Projects
A non-exhaustive list of some projects I’ve worked on!
We explore methods for compressing and accelerating Stable Diffusion, resulting in a final compressed model with 80% memory size reduction and a generation speed that is ∼4x faster, while maintaining text-to-image quality.
We build and train custom predictive models to understand the trends of key economic indicators in Kenya. Our findings are presented in an interactive web visualization, build with RShiny, CSS and JS to drive actionable insights.
I propose and implement a novel method for training functionally diverse deep neural networks ensembles by using a repulsive loss. I show that my proposed repulsive loss function results in higher entropy, better calibration and uncertainty quantification compared to standard deep ensembles
I implement a new deep neural network architecture for sequence modelling (S4) as a replacement for the transformer in offline reinforcement learning (RL). We show that S4’s ability to handle longer context improves offline RL performance in standard benchmarks by ~10%.
Designed a custom Generative Adversarial Network (GAN) trained from scratch to closely mimic specific digital art-styles.
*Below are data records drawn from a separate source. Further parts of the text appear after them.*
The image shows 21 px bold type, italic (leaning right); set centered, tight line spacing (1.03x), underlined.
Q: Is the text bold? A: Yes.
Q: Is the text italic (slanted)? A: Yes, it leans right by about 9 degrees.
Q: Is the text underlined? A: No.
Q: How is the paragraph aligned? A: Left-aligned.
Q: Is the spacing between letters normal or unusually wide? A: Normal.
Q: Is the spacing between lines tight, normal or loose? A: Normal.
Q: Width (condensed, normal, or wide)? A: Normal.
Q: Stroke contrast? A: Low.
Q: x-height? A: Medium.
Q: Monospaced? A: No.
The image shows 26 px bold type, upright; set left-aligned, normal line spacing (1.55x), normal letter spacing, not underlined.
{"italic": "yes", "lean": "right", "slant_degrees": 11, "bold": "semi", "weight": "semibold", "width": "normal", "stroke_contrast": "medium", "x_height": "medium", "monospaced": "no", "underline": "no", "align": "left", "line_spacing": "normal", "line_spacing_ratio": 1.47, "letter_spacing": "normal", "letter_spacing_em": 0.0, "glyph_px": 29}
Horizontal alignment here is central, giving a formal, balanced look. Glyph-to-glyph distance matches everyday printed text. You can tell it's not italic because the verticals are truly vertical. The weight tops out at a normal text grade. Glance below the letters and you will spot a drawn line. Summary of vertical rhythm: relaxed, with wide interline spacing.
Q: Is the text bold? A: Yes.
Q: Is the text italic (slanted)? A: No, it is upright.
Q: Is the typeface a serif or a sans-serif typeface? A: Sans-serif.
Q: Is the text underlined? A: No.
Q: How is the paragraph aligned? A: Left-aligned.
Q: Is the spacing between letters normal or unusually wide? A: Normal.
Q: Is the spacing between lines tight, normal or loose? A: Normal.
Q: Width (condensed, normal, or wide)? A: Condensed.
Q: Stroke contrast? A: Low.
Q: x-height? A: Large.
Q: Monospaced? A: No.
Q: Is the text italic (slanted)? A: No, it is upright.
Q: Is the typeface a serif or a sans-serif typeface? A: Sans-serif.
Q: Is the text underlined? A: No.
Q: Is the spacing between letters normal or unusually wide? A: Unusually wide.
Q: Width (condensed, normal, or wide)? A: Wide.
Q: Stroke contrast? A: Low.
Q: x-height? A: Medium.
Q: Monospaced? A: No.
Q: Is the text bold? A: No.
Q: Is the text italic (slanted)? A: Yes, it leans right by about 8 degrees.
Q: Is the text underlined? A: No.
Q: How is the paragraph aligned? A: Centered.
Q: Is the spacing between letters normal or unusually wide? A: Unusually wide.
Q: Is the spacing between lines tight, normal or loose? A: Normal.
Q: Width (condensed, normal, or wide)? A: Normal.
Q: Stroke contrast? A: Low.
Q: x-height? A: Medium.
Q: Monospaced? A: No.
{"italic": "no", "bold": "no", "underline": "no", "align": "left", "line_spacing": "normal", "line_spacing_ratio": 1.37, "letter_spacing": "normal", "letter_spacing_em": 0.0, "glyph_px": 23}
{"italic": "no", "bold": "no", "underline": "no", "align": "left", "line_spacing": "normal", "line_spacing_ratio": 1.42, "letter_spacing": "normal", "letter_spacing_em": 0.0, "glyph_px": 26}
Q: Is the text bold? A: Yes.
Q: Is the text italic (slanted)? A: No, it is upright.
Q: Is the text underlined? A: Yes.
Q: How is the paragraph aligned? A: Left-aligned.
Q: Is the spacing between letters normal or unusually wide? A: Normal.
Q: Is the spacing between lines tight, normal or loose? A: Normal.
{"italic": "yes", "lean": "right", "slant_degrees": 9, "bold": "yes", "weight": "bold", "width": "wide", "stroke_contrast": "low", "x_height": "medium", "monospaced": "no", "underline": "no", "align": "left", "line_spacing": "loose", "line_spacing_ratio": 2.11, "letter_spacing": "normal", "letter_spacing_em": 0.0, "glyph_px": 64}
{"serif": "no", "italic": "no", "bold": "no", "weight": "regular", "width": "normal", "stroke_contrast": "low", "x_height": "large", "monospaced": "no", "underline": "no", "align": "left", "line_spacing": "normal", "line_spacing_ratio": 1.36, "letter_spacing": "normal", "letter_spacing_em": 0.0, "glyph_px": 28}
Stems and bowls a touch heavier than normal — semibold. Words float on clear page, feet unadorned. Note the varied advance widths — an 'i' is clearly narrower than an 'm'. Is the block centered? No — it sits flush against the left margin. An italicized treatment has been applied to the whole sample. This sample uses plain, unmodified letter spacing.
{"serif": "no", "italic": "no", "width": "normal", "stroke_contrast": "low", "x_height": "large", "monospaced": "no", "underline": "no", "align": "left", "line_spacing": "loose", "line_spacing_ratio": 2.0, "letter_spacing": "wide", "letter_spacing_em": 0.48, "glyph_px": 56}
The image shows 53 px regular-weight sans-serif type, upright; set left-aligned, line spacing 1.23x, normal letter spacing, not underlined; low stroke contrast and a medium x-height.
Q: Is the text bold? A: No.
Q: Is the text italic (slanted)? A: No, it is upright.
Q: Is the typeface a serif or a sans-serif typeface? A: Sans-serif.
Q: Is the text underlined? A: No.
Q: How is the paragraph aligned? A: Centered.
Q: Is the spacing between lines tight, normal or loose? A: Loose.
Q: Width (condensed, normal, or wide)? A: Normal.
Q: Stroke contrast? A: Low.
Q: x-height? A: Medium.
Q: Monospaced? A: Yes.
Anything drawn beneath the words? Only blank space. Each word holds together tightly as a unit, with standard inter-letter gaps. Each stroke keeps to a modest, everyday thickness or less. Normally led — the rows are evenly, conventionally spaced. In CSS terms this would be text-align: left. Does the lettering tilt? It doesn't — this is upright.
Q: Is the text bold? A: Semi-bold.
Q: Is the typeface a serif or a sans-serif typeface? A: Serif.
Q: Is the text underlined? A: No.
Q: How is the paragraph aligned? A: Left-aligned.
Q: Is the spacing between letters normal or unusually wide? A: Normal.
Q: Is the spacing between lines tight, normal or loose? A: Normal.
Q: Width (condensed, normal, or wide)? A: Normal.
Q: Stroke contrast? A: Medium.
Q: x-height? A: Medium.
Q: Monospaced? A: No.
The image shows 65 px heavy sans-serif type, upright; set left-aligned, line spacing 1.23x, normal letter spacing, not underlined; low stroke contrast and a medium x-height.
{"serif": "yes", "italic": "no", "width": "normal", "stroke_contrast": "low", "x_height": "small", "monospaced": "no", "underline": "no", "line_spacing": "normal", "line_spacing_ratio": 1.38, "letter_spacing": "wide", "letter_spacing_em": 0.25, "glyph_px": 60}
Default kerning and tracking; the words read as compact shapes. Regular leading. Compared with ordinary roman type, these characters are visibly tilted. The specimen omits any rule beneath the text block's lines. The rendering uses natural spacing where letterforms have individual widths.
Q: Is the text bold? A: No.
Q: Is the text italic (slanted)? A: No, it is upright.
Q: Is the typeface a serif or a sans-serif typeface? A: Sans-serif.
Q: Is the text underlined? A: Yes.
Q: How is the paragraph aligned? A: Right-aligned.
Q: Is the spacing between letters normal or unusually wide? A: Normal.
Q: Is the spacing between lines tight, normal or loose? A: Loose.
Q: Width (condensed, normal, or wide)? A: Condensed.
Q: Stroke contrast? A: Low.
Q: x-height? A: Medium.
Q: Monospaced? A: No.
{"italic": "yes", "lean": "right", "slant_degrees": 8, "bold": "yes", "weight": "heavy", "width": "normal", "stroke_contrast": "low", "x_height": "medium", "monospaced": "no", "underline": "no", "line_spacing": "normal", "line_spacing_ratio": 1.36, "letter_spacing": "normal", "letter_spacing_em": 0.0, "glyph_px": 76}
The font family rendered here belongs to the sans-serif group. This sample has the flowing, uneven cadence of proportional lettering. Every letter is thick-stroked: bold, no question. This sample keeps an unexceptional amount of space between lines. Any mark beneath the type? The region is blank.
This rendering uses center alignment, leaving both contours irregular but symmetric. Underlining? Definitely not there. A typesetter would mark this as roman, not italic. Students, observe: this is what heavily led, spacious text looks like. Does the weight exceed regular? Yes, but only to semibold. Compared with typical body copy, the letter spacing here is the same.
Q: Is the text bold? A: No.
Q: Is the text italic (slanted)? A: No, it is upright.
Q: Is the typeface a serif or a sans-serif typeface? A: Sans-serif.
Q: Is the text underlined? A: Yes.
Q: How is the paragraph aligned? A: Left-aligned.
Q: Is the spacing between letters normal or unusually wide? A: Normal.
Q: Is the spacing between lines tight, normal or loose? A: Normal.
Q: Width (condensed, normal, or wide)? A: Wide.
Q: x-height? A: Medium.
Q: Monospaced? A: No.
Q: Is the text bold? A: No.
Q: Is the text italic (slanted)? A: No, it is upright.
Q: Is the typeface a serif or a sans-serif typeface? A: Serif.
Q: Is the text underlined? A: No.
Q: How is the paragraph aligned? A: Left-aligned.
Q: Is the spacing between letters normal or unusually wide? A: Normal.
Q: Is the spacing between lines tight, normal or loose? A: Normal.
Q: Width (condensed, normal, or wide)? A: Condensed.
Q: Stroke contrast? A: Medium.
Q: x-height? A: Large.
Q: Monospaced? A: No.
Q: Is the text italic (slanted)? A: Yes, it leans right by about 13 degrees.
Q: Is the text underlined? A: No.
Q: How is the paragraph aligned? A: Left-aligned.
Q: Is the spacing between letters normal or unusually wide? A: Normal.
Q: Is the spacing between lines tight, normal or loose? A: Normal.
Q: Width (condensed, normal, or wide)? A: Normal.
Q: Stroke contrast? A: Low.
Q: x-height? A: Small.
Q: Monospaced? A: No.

The network is trained to learn off small datasets (~2000 images) without typical GAN overfitting issues and is trainable in <20 hours on consumer-grade hardware. The generation of artwork is guided by image or text-based inputs powered by CLIP.
AI generated summaries often include hallucinations and do not factually summarize a source text. We propose a novel training method for training seq2seq transformers to correct entity and predicate discrepancies between the source and summary text.